**Exercise**
An exact transcription of every record is needed, leaving out the pictures.

**Given records**
————

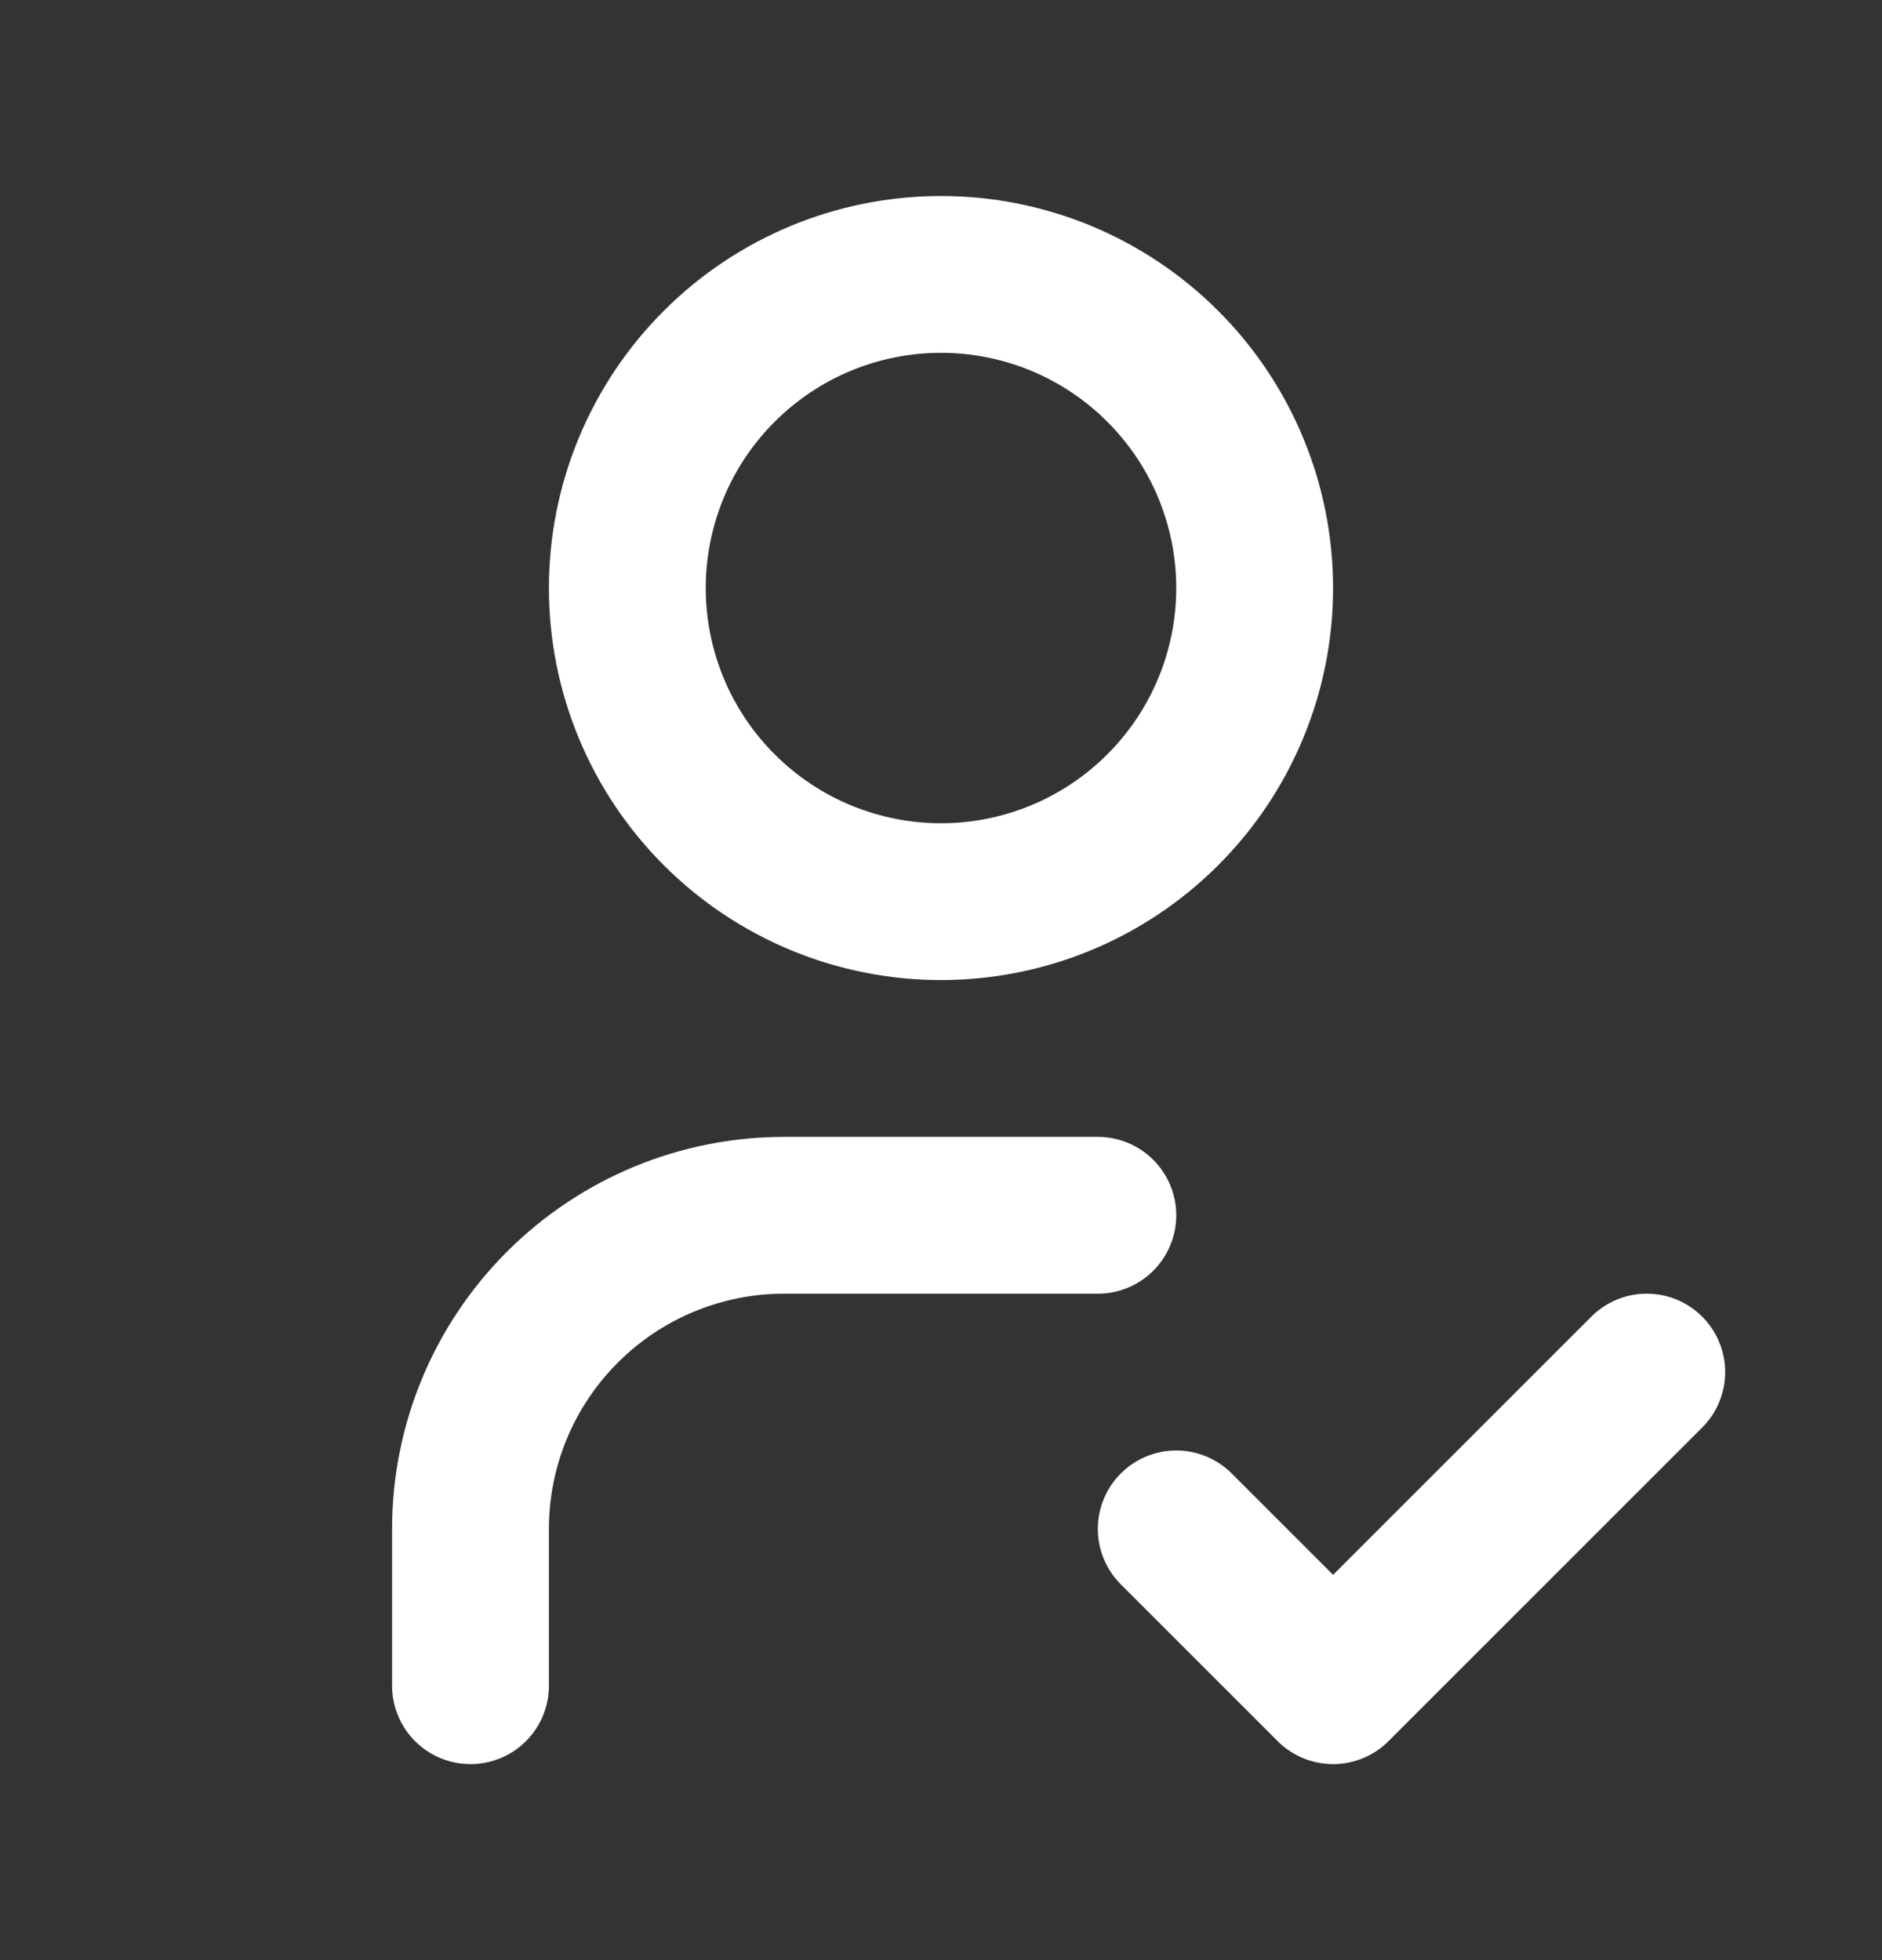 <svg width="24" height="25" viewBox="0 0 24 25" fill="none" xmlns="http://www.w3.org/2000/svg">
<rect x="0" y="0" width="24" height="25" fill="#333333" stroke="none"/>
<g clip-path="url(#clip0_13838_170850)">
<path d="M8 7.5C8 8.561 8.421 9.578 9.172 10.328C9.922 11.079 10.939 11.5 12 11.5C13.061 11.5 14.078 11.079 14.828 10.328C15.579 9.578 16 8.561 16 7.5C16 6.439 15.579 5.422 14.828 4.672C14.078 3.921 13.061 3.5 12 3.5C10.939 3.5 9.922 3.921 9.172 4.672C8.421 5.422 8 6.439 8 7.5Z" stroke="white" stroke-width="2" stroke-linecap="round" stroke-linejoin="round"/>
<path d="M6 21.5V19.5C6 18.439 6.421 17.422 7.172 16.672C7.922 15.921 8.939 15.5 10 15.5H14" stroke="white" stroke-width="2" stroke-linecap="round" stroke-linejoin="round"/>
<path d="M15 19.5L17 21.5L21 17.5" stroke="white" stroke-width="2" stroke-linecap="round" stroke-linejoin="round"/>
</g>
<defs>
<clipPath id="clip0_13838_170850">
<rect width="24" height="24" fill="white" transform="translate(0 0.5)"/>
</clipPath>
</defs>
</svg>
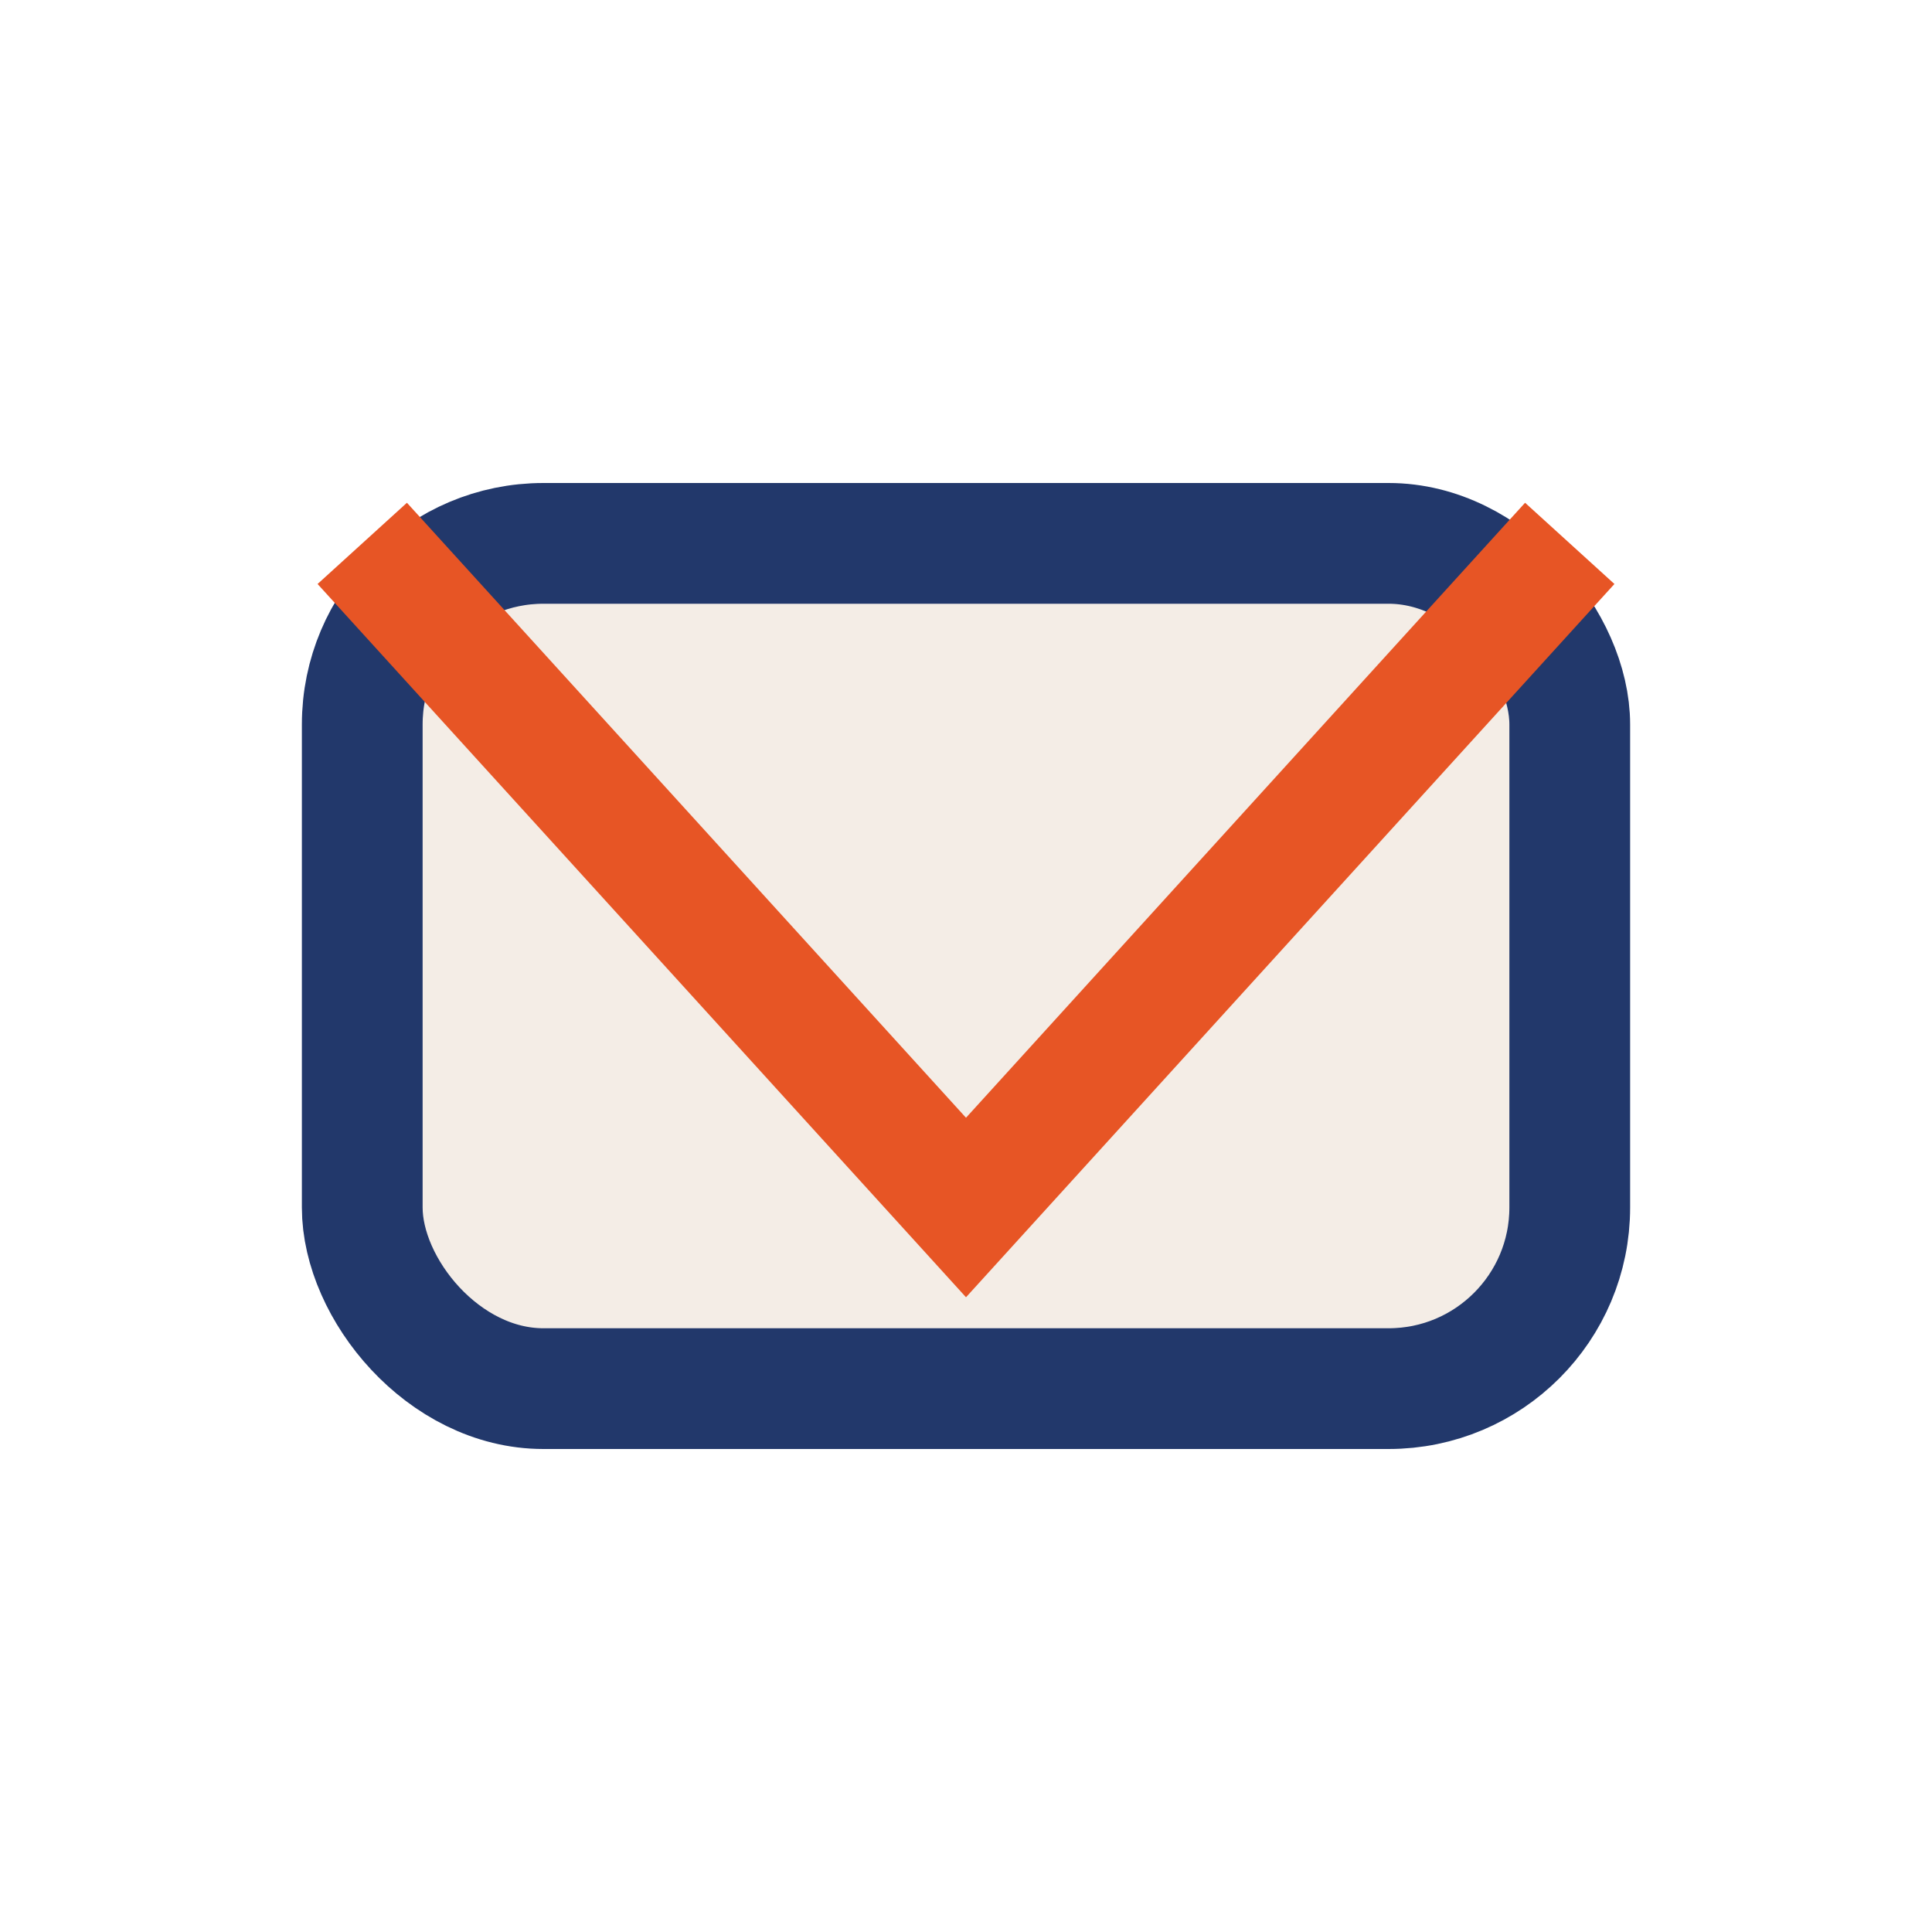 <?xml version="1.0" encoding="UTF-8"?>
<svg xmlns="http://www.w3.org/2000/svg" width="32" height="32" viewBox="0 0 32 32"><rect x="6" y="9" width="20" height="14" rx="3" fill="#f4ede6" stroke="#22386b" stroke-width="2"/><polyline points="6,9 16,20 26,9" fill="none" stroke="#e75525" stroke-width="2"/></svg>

————

**Your response**
 <svg width="24" height="25" viewBox="0 0 24 25" fill="none" xmlns="http://www.w3.org/2000/svg">
<rect x="0" y="0" width="24" height="25" fill="#333333" stroke="none"/>
<g clip-path="url(#clip0_13838_170850)">
<path d="M8 7.5C8 8.561 8.421 9.578 9.172 10.328C9.922 11.079 10.939 11.5 12 11.5C13.061 11.5 14.078 11.079 14.828 10.328C15.579 9.578 16 8.561 16 7.5C16 6.439 15.579 5.422 14.828 4.672C14.078 3.921 13.061 3.5 12 3.5C10.939 3.5 9.922 3.921 9.172 4.672C8.421 5.422 8 6.439 8 7.5Z" stroke="white" stroke-width="2" stroke-linecap="round" stroke-linejoin="round"/>
<path d="M6 21.5V19.5C6 18.439 6.421 17.422 7.172 16.672C7.922 15.921 8.939 15.5 10 15.5H14" stroke="white" stroke-width="2" stroke-linecap="round" stroke-linejoin="round"/>
<path d="M15 19.5L17 21.5L21 17.5" stroke="white" stroke-width="2" stroke-linecap="round" stroke-linejoin="round"/>
</g>
<defs>
<clipPath id="clip0_13838_170850">
<rect width="24" height="24" fill="white" transform="translate(0 0.5)"/>
</clipPath>
</defs>
</svg>
 <?xml version="1.0" encoding="UTF-8"?>
<svg xmlns="http://www.w3.org/2000/svg" width="32" height="32" viewBox="0 0 32 32"><rect x="6" y="9" width="20" height="14" rx="3" fill="#f4ede6" stroke="#22386b" stroke-width="2"/><polyline points="6,9 16,20 26,9" fill="none" stroke="#e75525" stroke-width="2"/></svg>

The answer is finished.